▶ [EXERCISE AIM]:
Precisely the lines from the one with "STEP (ISO 10303-21)" through the end of the data, both included, must make up the response, each restated word for word.

┌──

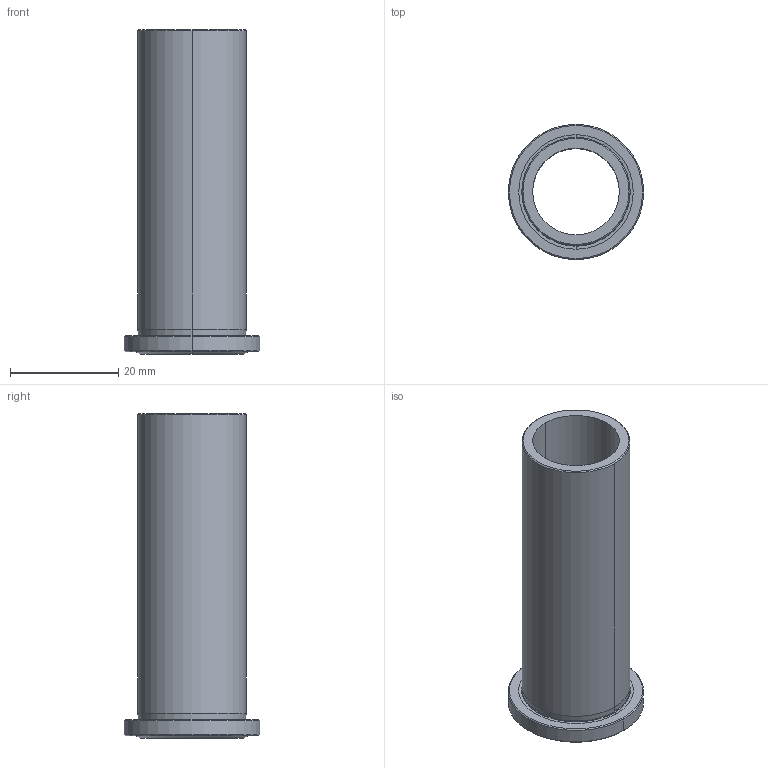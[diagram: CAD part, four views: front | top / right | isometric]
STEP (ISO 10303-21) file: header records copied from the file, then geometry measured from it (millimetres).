
FILE_DESCRIPTION(('no description'),'unknown implementation level');
FILE_NAME('7671BD68-9191-4F84-A0EC-FE45C05155F2_export.stp',' ',('CIMSOURCE GmbH'),('CADClick - KiM GmbH - www.kimweb.de'),'unknown preprocess','ACIS','unknown authorization');
FILE_SCHEMA(('automotive_design'));
Length unit declared in the file: millimetre
Products named in the file (1): NONE
Bounding box: 25 x 25 x 60 mm (x, y, z)
Volume: 7304.1 mm3; surface area: 7369.5 mm2
Topology: 1 solids, 1 shells, 26 faces, 52 edges, 30 vertices
Faces by surface type: cone 10, torus 6, cylinder 6, plane 4
Entity records: 1332 total; most frequent: DIRECTION 148, CARTESIAN_POINT 112, STYLED_ITEM 108, PRESENTATION_STYLE_ASSIGNMENT 108, COLOUR_RGB 108, ORIENTED_EDGE 104, AXIS2_PLACEMENT_3D 66, EDGE_CURVE 52

└──

▶ [EXERCISE ANSWER]:
STEP (ISO 10303-21) file: header records copied from the file, then geometry measured from it (millimetres).
FILE_DESCRIPTION(('no description'),'unknown implementation level');
FILE_NAME('7671BD68-9191-4F84-A0EC-FE45C05155F2_export.stp',' ',('CIMSOURCE GmbH'),('CADClick - KiM GmbH - www.kimweb.de'),'unknown preprocess','ACIS','unknown authorization');
FILE_SCHEMA(('automotive_design'));
Length unit declared in the file: millimetre
Products named in the file (1): NONE
Bounding box: 25 x 25 x 60 mm (x, y, z)
Volume: 7304.1 mm3; surface area: 7369.5 mm2
Topology: 1 solids, 1 shells, 26 faces, 52 edges, 30 vertices
Faces by surface type: cone 10, torus 6, cylinder 6, plane 4
Entity records: 1332 total; most frequent: DIRECTION 148, CARTESIAN_POINT 112, STYLED_ITEM 108, PRESENTATION_STYLE_ASSIGNMENT 108, COLOUR_RGB 108, ORIENTED_EDGE 104, AXIS2_PLACEMENT_3D 66, EDGE_CURVE 52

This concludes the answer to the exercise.